Single by Irama

from the album Antologia della vita e della morte
- Language: Italian
- Released: 12 February 2025
- Genre: Pop rock
- Length: 3:26
- Label: Warner Music Italy
- Songwriters: Filippo Maria Fanti; Riccardo Fabbriconi; Giuseppe Colonnelli; Michele Zocca;
- Producer: Michelangelo

Irama singles chronology
| "Galassie" (2024) | "Lentamente" (2025) | "Ex" (2025) |

Music video
- "Lentamente" on YouTube

= Lentamente (Irama song) =

"Lentamente" ("Slowly") is a 2025 song by Italian singer-songwriter Irama, released by Warner Music Italy on 12 February 2025 as the third single from the fifth studio album, Antologia della vita e della morte. It was written by the singer himself with Blanco, Giuseppe Colonnelli and Michelangelo, and produced by Michelangelo.

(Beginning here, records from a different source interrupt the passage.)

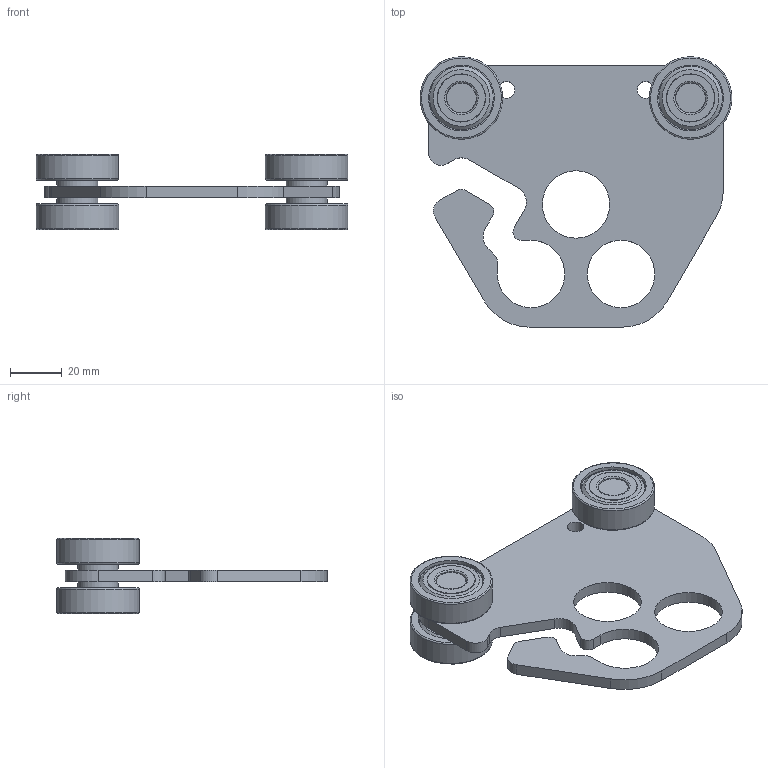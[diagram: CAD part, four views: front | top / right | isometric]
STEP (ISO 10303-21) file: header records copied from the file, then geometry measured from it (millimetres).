
FILE_DESCRIPTION((''),'2;1');
FILE_NAME('625331.stp','2014-01-13T17:20:07',('kpea'),(''),'Autodesk Inventor 2013','Autodesk Inventor 2013','');
FILE_SCHEMA(('AUTOMOTIVE_DESIGN { 1 0 10303 214 1 1 1 1 }'));
Length unit declared in the file: inch
Products named in the file (1): 625331
Bounding box: 120.9 x 104.9 x 29.12 mm (x, y, z)
Volume: 64457.5 mm3; surface area: 47143.7 mm2
Topology: 11 solids, 11 shells, 344 faces, 970 edges, 664 vertices
Faces by surface type: torus 96, sphere 80, cylinder 79, plane 77, cone 12
Full cylindrical faces by diameter (mm): 6.477 x2, 12 x4, 12.009 x2, 12.167 x2, 12.294 x4, 15.875 x4, 18.5 x8, 18.685 x8, 20.5 x4, 23.5 x4, 25.5 x16, 26.162 x2, 32 x4
Entity records: 13559 total; most frequent: CARTESIAN_POINT 5027, DIRECTION 1746, ORIENTED_EDGE 1436, AXIS2_PLACEMENT_3D 843, EDGE_CURVE 718, EDGE_LOOP 664, VERTEX_POINT 528, CIRCLE 498
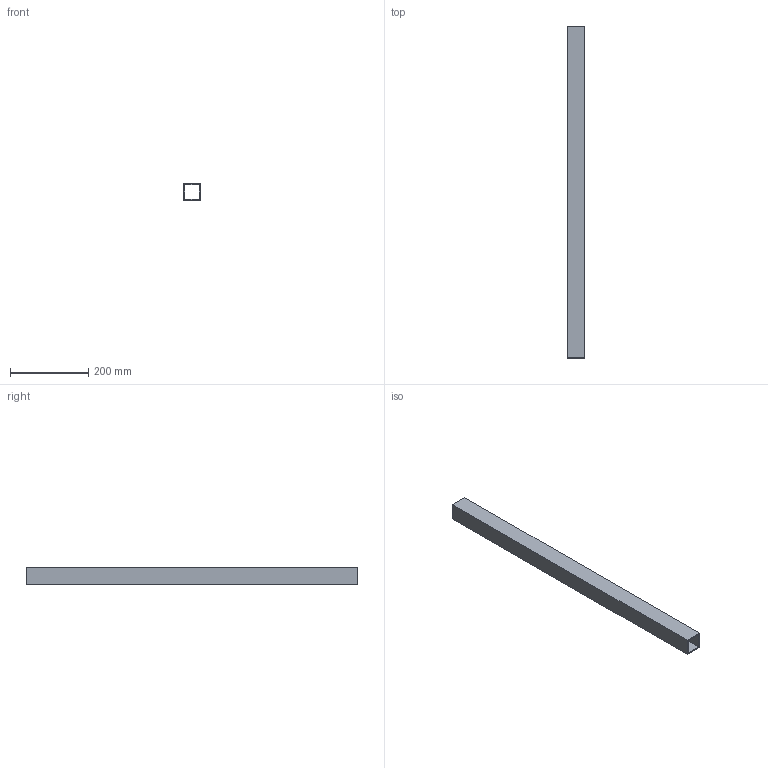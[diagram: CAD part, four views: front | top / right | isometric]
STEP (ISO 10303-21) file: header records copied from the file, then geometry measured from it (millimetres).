
FILE_DESCRIPTION(/* description */ (''),/* implementation_level */ '2;1');
FILE_NAME(/* name */ 'GE-17308_11.stp',/* time_stamp */ '2017-01-08T14:16:09-05:00',/* author */ ('jeff1'),/* organization */ (''),/* preprocessor_version */ 'ST-DEVELOPER v16.5',/* originating_system */ 'Autodesk Inventor 2017',/* authorisation */ '');
FILE_SCHEMA (('AUTOMOTIVE_DESIGN { 1 0 10303 214 3 1 1 }'));
Length unit declared in the file: inch
Products named in the file (1): GE-17308_11
Bounding box: 44.45 x 847.73 x 44.45 mm (x, y, z)
Volume: 444371.1 mm3; surface area: 280967.2 mm2
Topology: 1 solids, 1 shells, 10 faces, 24 edges, 16 vertices
Faces by surface type: plane 10
Entity records: 324 total; most frequent: CARTESIAN_POINT 51, ORIENTED_EDGE 48, DIRECTION 46, LINE 24, VECTOR 24, EDGE_CURVE 24, VERTEX_POINT 16, EDGE_LOOP 12
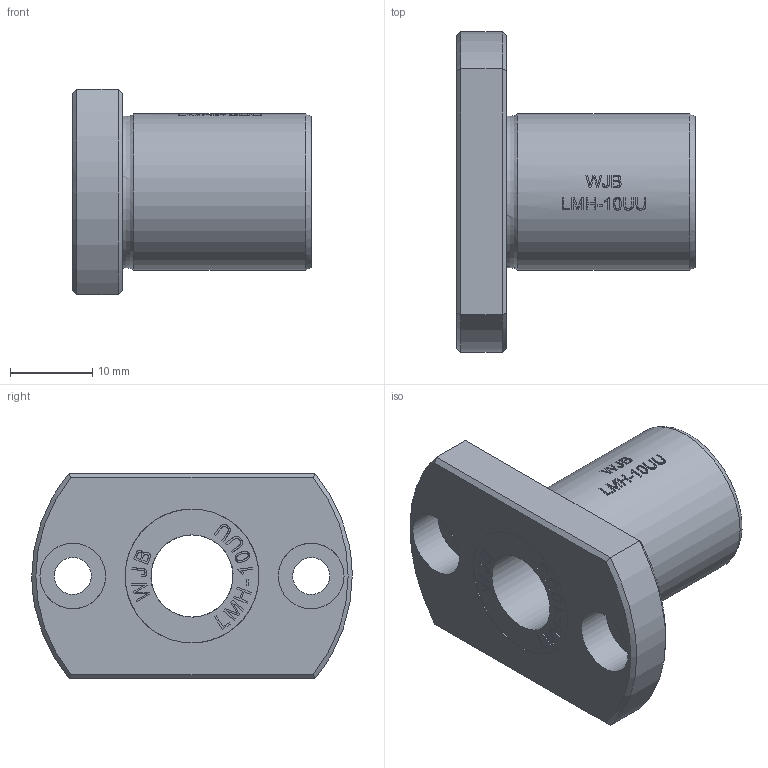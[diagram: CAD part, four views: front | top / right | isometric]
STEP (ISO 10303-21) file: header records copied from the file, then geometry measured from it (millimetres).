
FILE_DESCRIPTION(/* description */ (''),/* implementation_level */ '2;1');
FILE_NAME(/* name */ 'WJB-LMH-10UU.stp',/* time_stamp */ '2018-09-11T17:28:28+08:00',/* author */ (''),/* organization */ (''),/* preprocessor_version */ 'ST-DEVELOPER v11',/* originating_system */ 'SIEMENS UGS NX 6.0',/* authorisation */ '');
FILE_SCHEMA (('CONFIG_CONTROL_DESIGN'));
Length unit declared in the file: millimetre
Products named in the file (1): WJB-LMH-10UU
Bounding box: 29 x 39 x 25 mm (x, y, z)
Volume: 9092.5 mm3; surface area: 4781 mm2
Topology: 1 solids, 1 shells, 326 faces, 841 edges, 564 vertices
Faces by surface type: plane 212, extrusion 84, cylinder 24, cone 4, torus 2
Full cylindrical faces by diameter (mm): 4.5 x2, 8 x2, 10 x1, 16.3 x2, 19 x1
Entity records: 12736 total; most frequent: CARTESIAN_POINT 5313, ORIENTED_EDGE 1662, DIRECTION 1117, EDGE_CURVE 831, VERTEX_POINT 564, VECTOR 511, B_SPLINE_CURVE_WITH_KNOTS 428, LINE 427
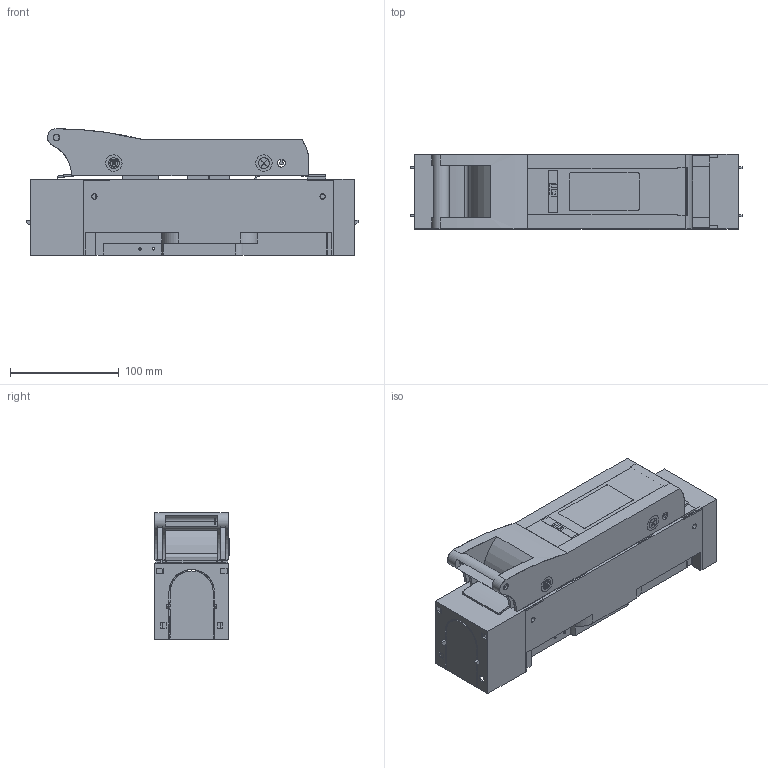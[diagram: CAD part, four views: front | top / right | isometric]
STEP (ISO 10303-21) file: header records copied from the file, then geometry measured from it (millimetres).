
FILE_DESCRIPTION((''),'2;1');
FILE_NAME('KVL-1_1P_M10-M10_ASM','2020-02-06T',('marketing.praksa'),('Audax d.o.o.'),'CREO PARAMETRIC BY PTC INC, 2017480','CREO PARAMETRIC BY PTC INC, 2017480','');
FILE_SCHEMA(('AUTOMOTIVE_DESIGN { 1 0 10303 214 1 1 1 1 }'));
Products named in the file (1277): OPEN_CASCADE_STEP_TRANSLAT-5121; OPEN_CASCADE_STEP_TRANSLAT-5214; OPEN_CASCADE_STEP_TRANSLAT-5307; OPEN_CASCADE_STEP_TRANSLAT-5400; OPEN_CASCADE_STEP_TRANSLAT-5493; OPEN_CASCADE_STEP_TRANSLAT-5586; OPEN_CASCADE_STEP_TRANSLAT-5679; OPEN_CASCADE_STEP_TRANSLAT-5788; OPEN_CASCADE_STEP_TRANSLAT-5881; OPEN_CASCADE_STEP_TRANSLAT-6070; OPEN_CASCADE_STEP_TRANSLAT-6163; OPEN_CASCADE_STEP_TRANSLAT-6306; OPEN_CASCADE_STEP_TRANSLAT-6399; OPEN_CASCADE_STEP_TRANSLAT-6508; OPEN_CASCADE_STEP_TRANSLAT-6601; OPEN_CASCADE_STEP_TRANSLAT-6694; OPEN_CASCADE_STEP_TRANSLAT-6787; OPEN_CASCADE_STEP_TRANSLAT-6880; OPEN_CASCADE_STEP_TRANSLAT-6973; OPEN_CASCADE_STEP_TRANSLAT-7066; OPEN_CASCADE_STEP_TRANSLAT-7175; OPEN_CASCADE_STEP_TRANSLAT-7268; OPEN_CASCADE_STEP_TRANSLAT-7377; OPEN_CASCADE_STEP_TRANSLAT-7486; OPEN_CASCADE_STEP_TRANSLAT-7601; OPEN_CASCADE_STEP_TRANSLAT-7696; OPEN_CASCADE_STEP_TRANSLAT-7789; OPEN_CASCADE_STEP_TRANSLAT-7882; OPEN_CASCADE_STEP_TRANSLAT-7975; OPEN_CASCADE_STEP_TRANSLAT-8068; OPEN_CASCADE_STEP_TRANSLAT-8161; OPEN_CASCADE_STEP_TRANSLAT-8270; OPEN_CASCADE_STEP_TRANSLAT-8363; OPEN_CASCADE_STEP_TRANSLAT-8508; OPEN_CASCADE_STEP_TRANSLAT-8653; OPEN_CASCADE_STEP_TRANSLAT-8798; OPEN_CASCADE_STEP_TRANSLAT-8893; OPEN_CASCADE_STEP_TRANSLAT-9008; OPEN_CASCADE_STEP_TRANSLAT-9123; OPEN_CASCADE_STEP_TRANSLAT-9238 ...
Assembly tree (1276 placements, depth 3):
  KVL-1_1P_M10-M10_ASM
    OPEN_CASCADE_STEP_TRANSLATOR-10_ASM
      OPEN_CASCADE_STEP_TRANSLAT-5121
      OPEN_CASCADE_STEP_TRANSLAT-5214
      OPEN_CASCADE_STEP_TRANSLAT-5307
      OPEN_CASCADE_STEP_TRANSLAT-5400
      OPEN_CASCADE_STEP_TRANSLAT-5493
      OPEN_CASCADE_STEP_TRANSLAT-5586
      OPEN_CASCADE_STEP_TRANSLAT-5679
      OPEN_CASCADE_STEP_TRANSLAT-5788
      OPEN_CASCADE_STEP_TRANSLAT-5881
      OPEN_CASCADE_STEP_TRANSLAT-6070
      OPEN_CASCADE_STEP_TRANSLAT-6163
      OPEN_CASCADE_STEP_TRANSLAT-6306
      OPEN_CASCADE_STEP_TRANSLAT-6399
      OPEN_CASCADE_STEP_TRANSLAT-6508
      OPEN_CASCADE_STEP_TRANSLAT-6601
      OPEN_CASCADE_STEP_TRANSLAT-6694
      OPEN_CASCADE_STEP_TRANSLAT-6787
      OPEN_CASCADE_STEP_TRANSLAT-6880
      OPEN_CASCADE_STEP_TRANSLAT-6973
      OPEN_CASCADE_STEP_TRANSLAT-7066
      OPEN_CASCADE_STEP_TRANSLAT-7175
      OPEN_CASCADE_STEP_TRANSLAT-7268
      OPEN_CASCADE_STEP_TRANSLAT-7377
      OPEN_CASCADE_STEP_TRANSLAT-7486
      OPEN_CASCADE_STEP_TRANSLAT-7601
      OPEN_CASCADE_STEP_TRANSLAT-7696
      OPEN_CASCADE_STEP_TRANSLAT-7789
      OPEN_CASCADE_STEP_TRANSLAT-7882
      OPEN_CASCADE_STEP_TRANSLAT-7975
      OPEN_CASCADE_STEP_TRANSLAT-8068
      OPEN_CASCADE_STEP_TRANSLAT-8161
      OPEN_CASCADE_STEP_TRANSLAT-8270
      OPEN_CASCADE_STEP_TRANSLAT-8363
      OPEN_CASCADE_STEP_TRANSLAT-8508
      OPEN_CASCADE_STEP_TRANSLAT-8653
      OPEN_CASCADE_STEP_TRANSLAT-8798
      OPEN_CASCADE_STEP_TRANSLAT-8893
      OPEN_CASCADE_STEP_TRANSLAT-9008
      OPEN_CASCADE_STEP_TRANSLAT-9123
      OPEN_CASCADE_STEP_TRANSLAT-9238
      OPEN_CASCADE_STEP_TRANSLAT-9333
      OPEN_CASCADE_STEP_TRANSLAT-9448
      OPEN_CASCADE_STEP_TRANSLAT-9563
      OPEN_CASCADE_STEP_TRANSLAT-9678
      OPEN_CASCADE_STEP_TRANSLAT-9773
      OPEN_CASCADE_STEP_TRANSLAT-9888
      OPEN_CASCADE_STEP_TRANSLA-10033
      OPEN_CASCADE_STEP_TRANSLA-10095
      OPEN_CASCADE_STEP_TRANSLA-10190
      OPEN_CASCADE_STEP_TRANSLA-10283
      OPEN_CASCADE_STEP_TRANSLA-10378
      OPEN_CASCADE_STEP_TRANSLA-10473
      OPEN_CASCADE_STEP_TRANSLA-10568
      OPEN_CASCADE_STEP_TRANSLA-10661
      OPEN_CASCADE_STEP_TRANSLA-10754
      OPEN_CASCADE_STEP_TRANSLA-10817
      OPEN_CASCADE_STEP_TRANSLA-10910
      OPEN_CASCADE_STEP_TRANSLA-11003
Bounding box: 305.35 x 69.11 x 116.3 mm (x, y, z)
Volume: 410.2 mm3; surface area: 338232.1 mm2
Topology: 4 solids, 1275 shells, 1331 faces, 6962 edges, 6898 vertices
Faces by surface type: plane 1008, cylinder 221, cone 74, torus 16, sphere 8, bspline 4
Entity records: 171616 total; most frequent: CARTESIAN_POINT 26429, DIRECTION 17176, PRESENTATION_STYLE_ASSIGNMENT 9541, STYLED_ITEM 9541, ORIENTED_EDGE 7106, CURVE_STYLE 6950, EDGE_CURVE 6950, VERTEX_POINT 6898
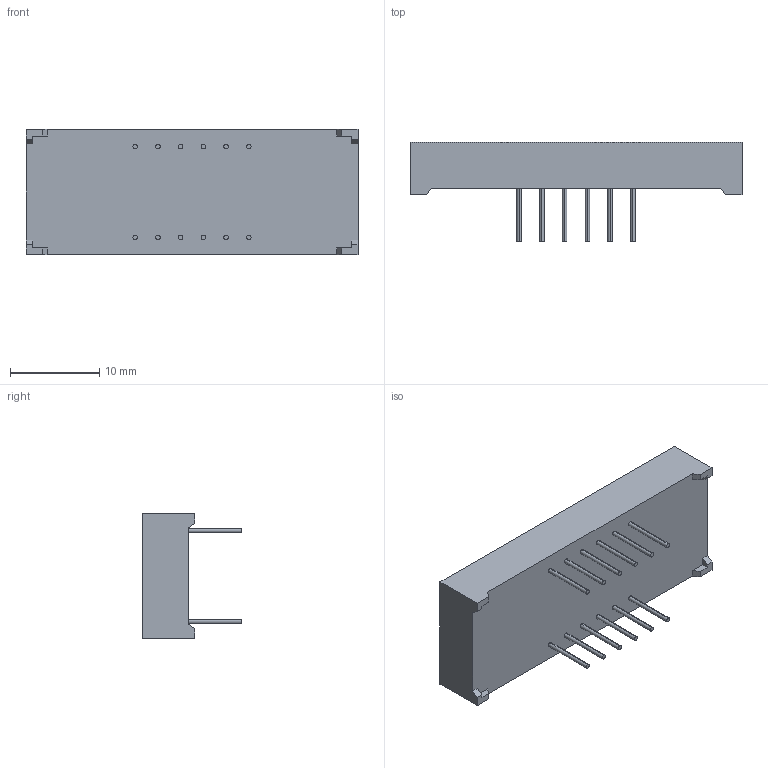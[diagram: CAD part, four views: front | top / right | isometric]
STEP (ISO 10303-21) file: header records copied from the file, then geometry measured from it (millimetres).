
FILE_DESCRIPTION (( 'STEP AP214' ), '1' );
FILE_NAME ('User Library-4 X LED 7 SEGMENT.STEP', '2018-04-16T12:45:34', ( '' ), ( '' ), 'SwSTEP 2.0', 'SolidWorks 2018', '' );
FILE_SCHEMA (( 'AUTOMOTIVE_DESIGN' ));
Length unit declared in the file: millimetre
Products named in the file (1): User Library-4 X LED 7 SEGMENT
Bounding box: 37.14 x 11.16 x 14 mm (x, y, z)
Volume: 2700.2 mm3; surface area: 1705.2 mm2
Topology: 1 solids, 1 shells, 246 faces, 600 edges, 400 vertices
Faces by surface type: plane 198, cylinder 48
Entity records: 9504 total; most frequent: CARTESIAN_POINT 1247, ORIENTED_EDGE 1200, DIRECTION 1190, EDGE_CURVE 600, VECTOR 504, LINE 504, VERTEX_POINT 400, AXIS2_PLACEMENT_3D 343

The song competed in the Sanremo Music Festival 2025, placing 9th.

== Music video ==
A music video of "Lentamente", directed by Francesco Lorusso, was released on 12 February 2025 via Irama's YouTube channel. It was shot in Villastellone and also features actress Nina Malara.

== Charts ==
===Weekly charts===

Chart performance for "Lentamente"
| Chart (2025) | Peak position |
|---|---|
| Italy (FIMI) | 12 |
| Italy Airplay (EarOne) | 21 |
| Switzerland (Schweizer Hitparade) | 57 |

===Year-end charts===

Year-end chart performance for "Lentamente"
| Chart (2025) | Position |
|---|---|
| Italy (FIMI) | 55 |

== Certifications ==

Certifications for "Lentamente"
| Region | Certification | Certified units/sales |
| Italy (FIMI) | Gold | 100,000^{‡} |
^{‡} Sales+streaming figures based on certification alone.